I came across this passage earlier today and it instantly pulled something out of me. The need to write! And so here I am, blowing the dust off of my keyboard in hopes that I still have something to say. As this blog has served as a venue for both personal reflections on my career and more academic matters, I hope a post of a more personal nature will not be unwelcome.
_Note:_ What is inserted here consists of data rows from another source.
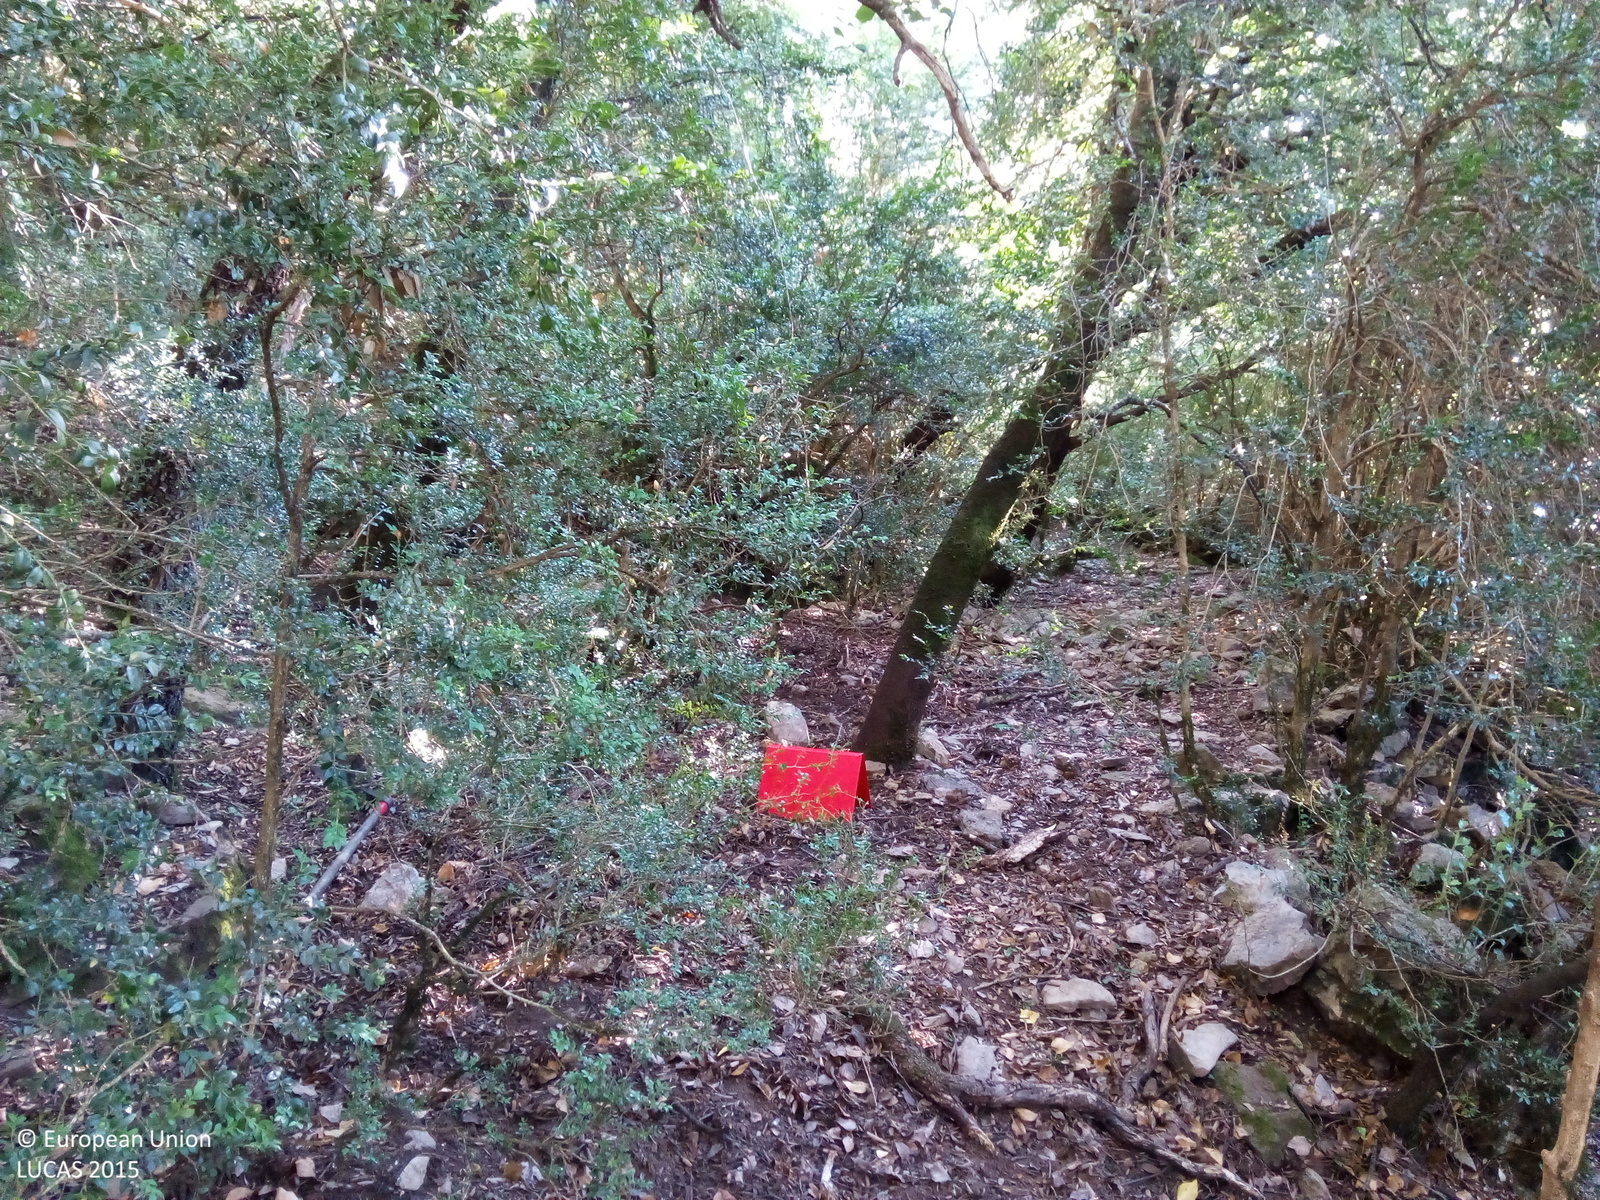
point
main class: Woodland
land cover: Broadleaved woodland
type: broadleaved evergreen forest
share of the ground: > 75 %
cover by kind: broadleaved forest trees 100 %
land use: Semi-natural and natural areas not in use
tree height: > 5 m
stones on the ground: 25 - 50 %
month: August
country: ES
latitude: 42.5926
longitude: 0.1675
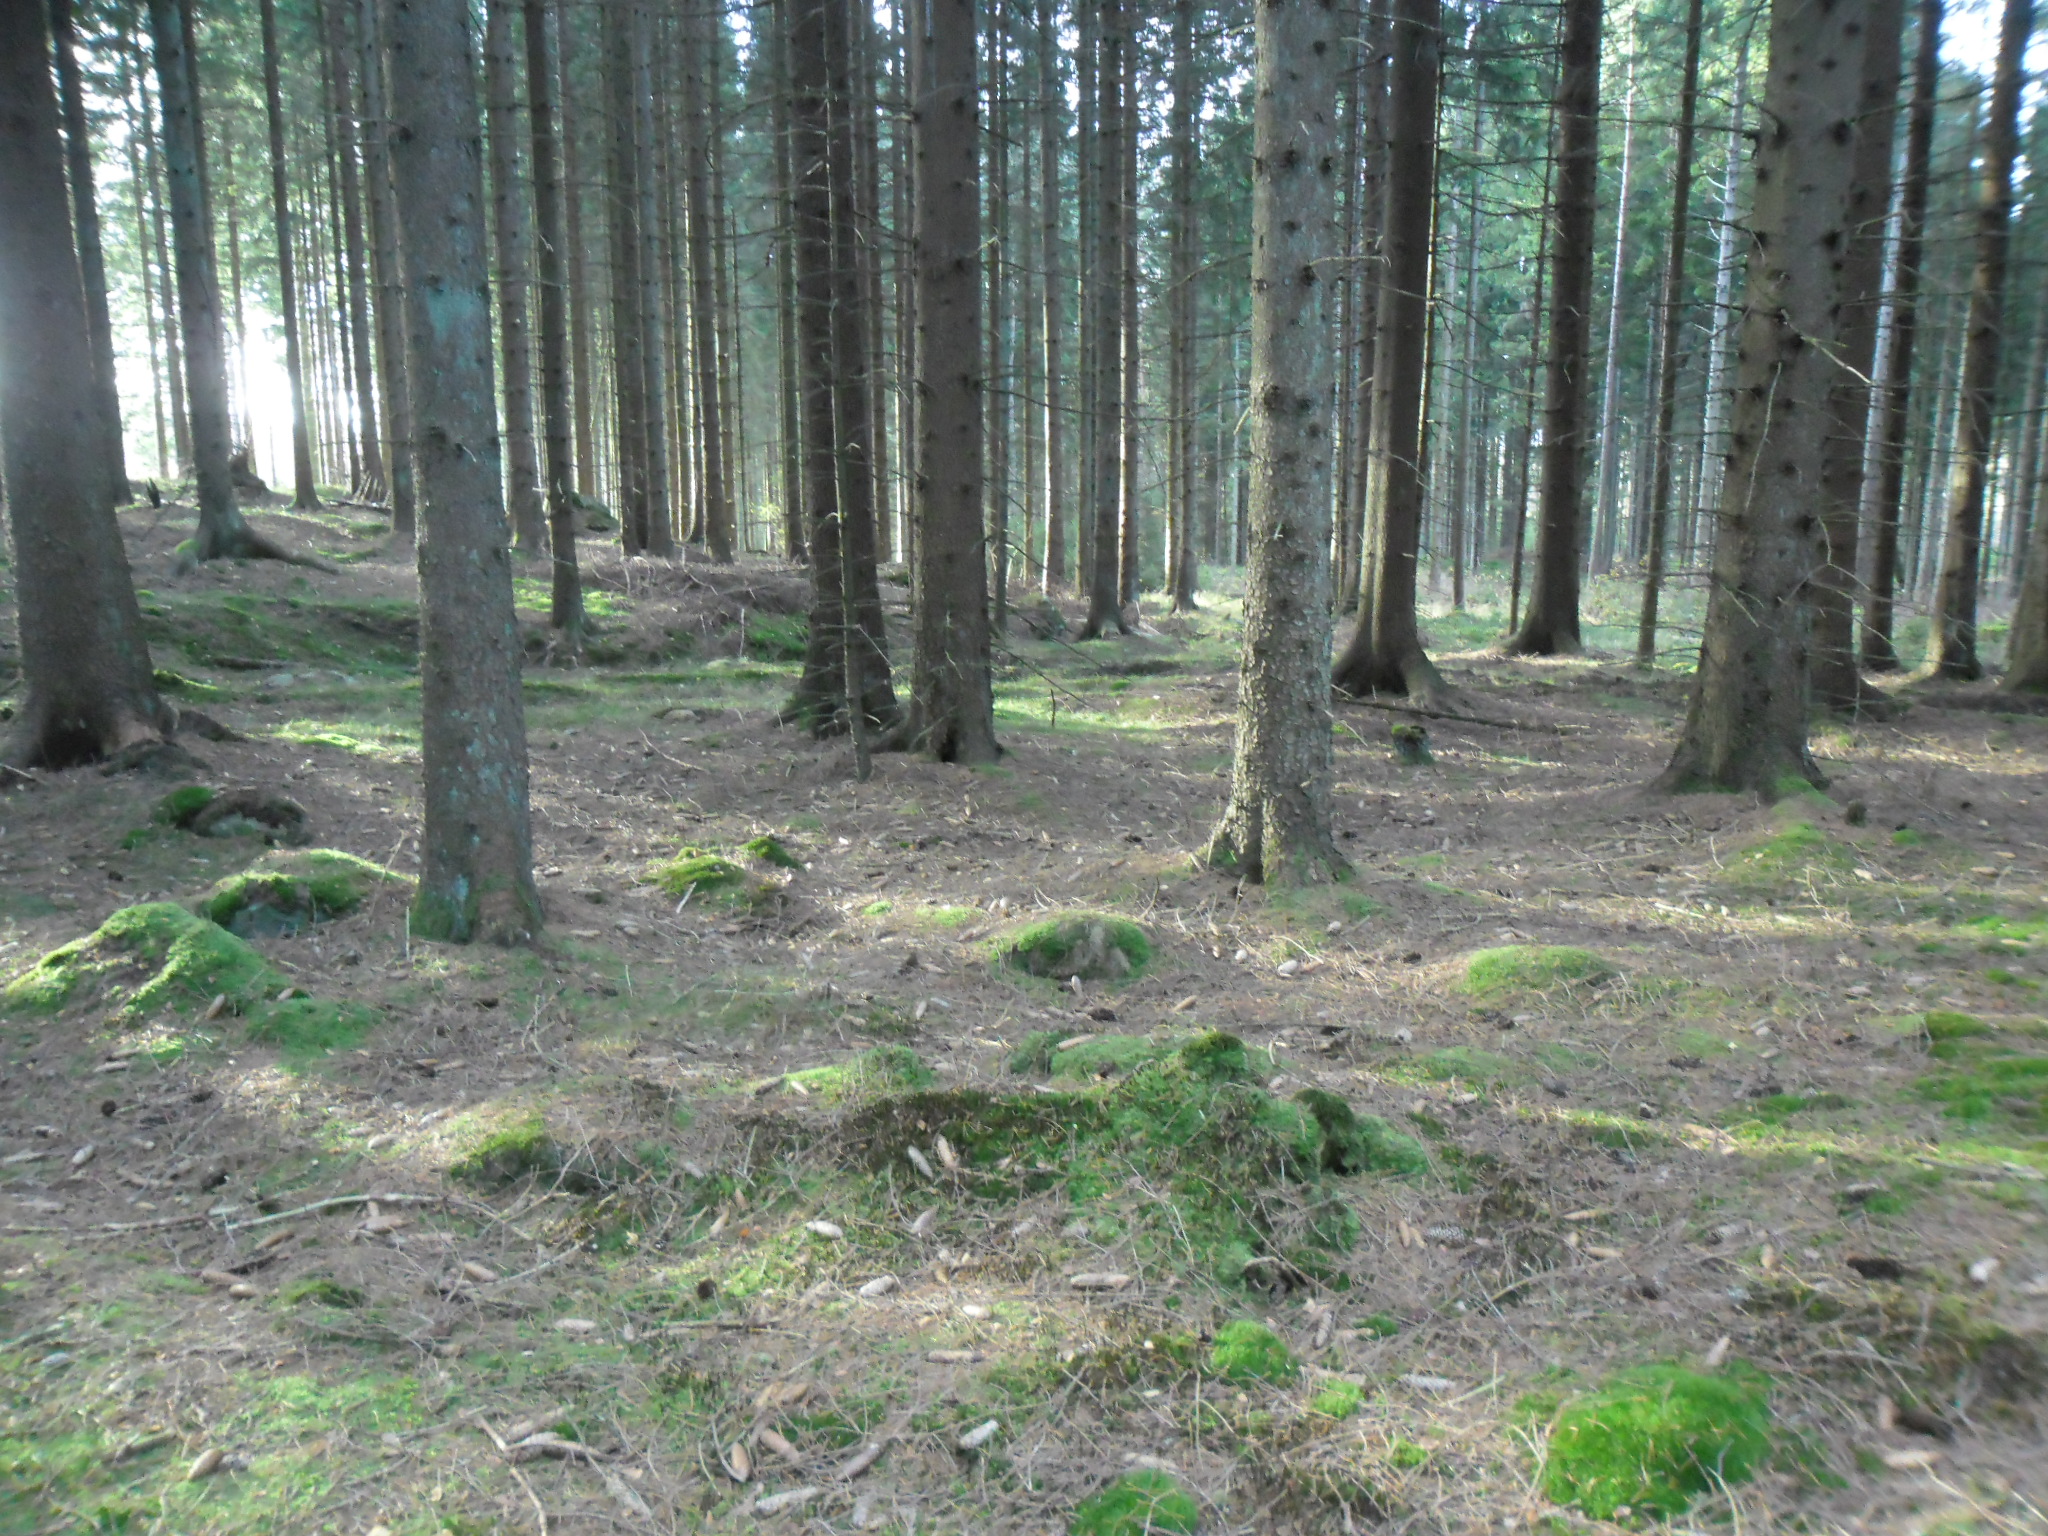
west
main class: Woodland
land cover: Spruce dominated coniferous woodland
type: boreal forest
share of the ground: > 75 %
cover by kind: coniferous forest trees 80 %, lichens and mosses 20 %
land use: Forestry
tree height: > 5 m
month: October
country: SE
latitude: 56.4001
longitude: 13.1891
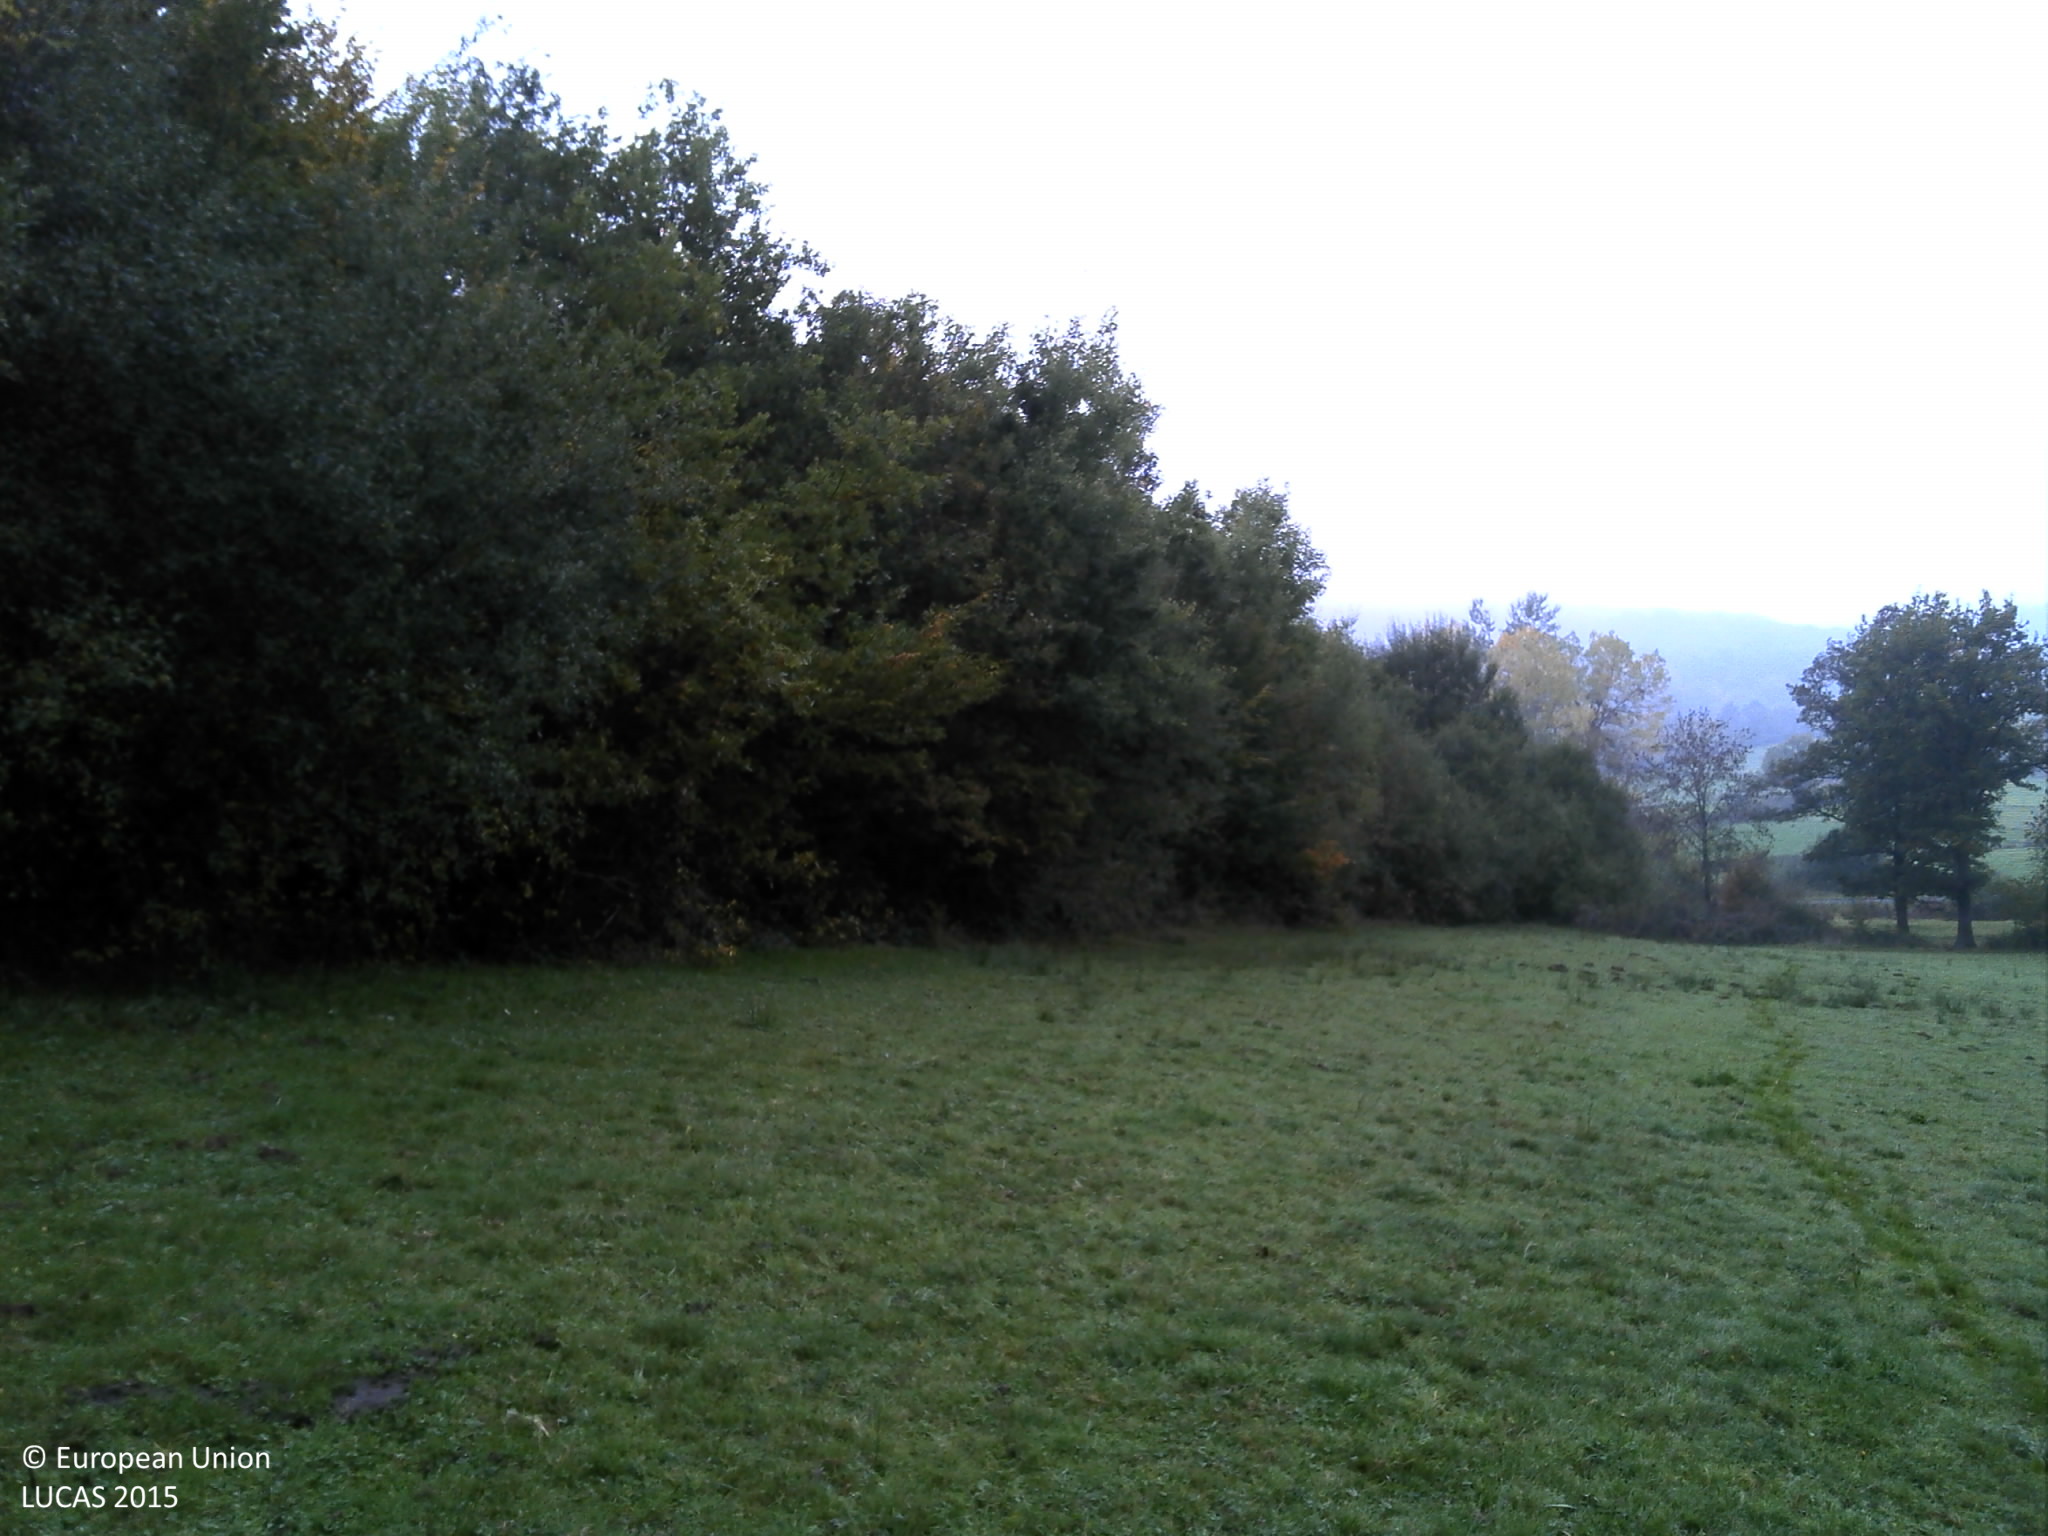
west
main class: Grassland
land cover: Grassland without tree/shrub cover
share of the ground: > 75 %
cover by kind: herbaceous plants 100 %
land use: Agriculture (excluding fallow land and kitchen gardens)
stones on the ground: < 10 %
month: October
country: FR
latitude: 45.6425
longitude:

I honestly don’t know how those with lives and active careers and families find the time to do all that us “bloggers” are supposed to do. The posts, the podcasts, the social media, the research and writing, the functions and conventions… it seems to go on and on. How many responsibilities do we take on? How many priorities do we let slip before we say enough? And so if The Struggling Archaeologist seems wont to disappear from time to time in the midst of a particularly hectic time in my life, I do beg a little understanding. I am still passionate, I am still relevant, but I am, as always, still struggling. This is not meant as another “poor me” post. Just some insight into my take on the podcast and blog in these post-grad years.

The dream is to be with my husband and child, take care of myself, go to work and spend quality time on professional projects while reserving time to focus on my personal projects like the podcast, and maybe have a little fun here and there. How hard can that be? Well, it turns out, quite. Your professional work can take over if you are someone like me, who works through lunch breaks daily in order to reach the level of detail and perfection that I strive for. Your home life can suck up all time and energy when your toddler is needy and your home is… lived in. Throw in a move, a new job hunt, house hunting, the holidays, and three crazy dogs and yeah, you get the picture.

This time of transition has been stressful, not gonna lie. There are days when I drive over four hours to look at houses in Pennsylvania (our new home), grab dinner somewhere, and drive over four hours back to New York (no judgement, I’m squatting with my parents while I house hunt). There are days when I plan to spend the whole day online doing job applications and barely get through one because my son is being extremely clingy and insists on watching truck videos on my laptop for hours on end. There are days when I just need to get out of my parent’s house and walk around our village in silence, taking in the fall leaves and relishing an hour without the never ending responsibilities crashing down on me. I have indulged in a little reading, a little personal writing, and a few moments not brimming with thoughts of career, jobs, research, house listings, and renovations. Do I feel guilty that I haven’t spent these moments looking up archaeology news, reading academic journals, or finishing the podcast episode I’ve been writing since May? Yes, but not very. Over the last year I have devoted more time to my work in higher education, instructional design, and teaching than I have spent at home with my family. We have a new life ahead of us in which the work I’ve done over the last few years in developing my career will hopefully allow me to provide for my family and find the kind of professional fulfillment that I have dreamed of. Do I deserve a few more of those useless days in which I feel I have gotten less done that I should have? Oh, hell yes.

My career is like a drive through the suburbs of Philadelphia (which I have spent quite a lot of time lost in lately). You can’t just drive straight. That road doesn’t exist. I have had to pivot, I have done some meandering, I have been thrown by unexpected detours, and I have had to improvise. I have not always felt like I knew where I was going, but I drove on. So this is where I find myself on a dreary day in early November- working every day to see my family happy and thriving two months from now when we settle into our new life. Taking it a day at a time and hoping my map is trustworthy. I will get around to that podcast, I will get around to writing more often, I will keep up with the news when I can, and I promise I will continue to be your Struggling Archaeologist. But for now, I’m going to pour myself another glass of wine and open that book I’ve been trying to finish for months. I leave you with a quote from Laozi…

“Meandering leads to perfection”

Boy, I hope that guy knew what he was talking about.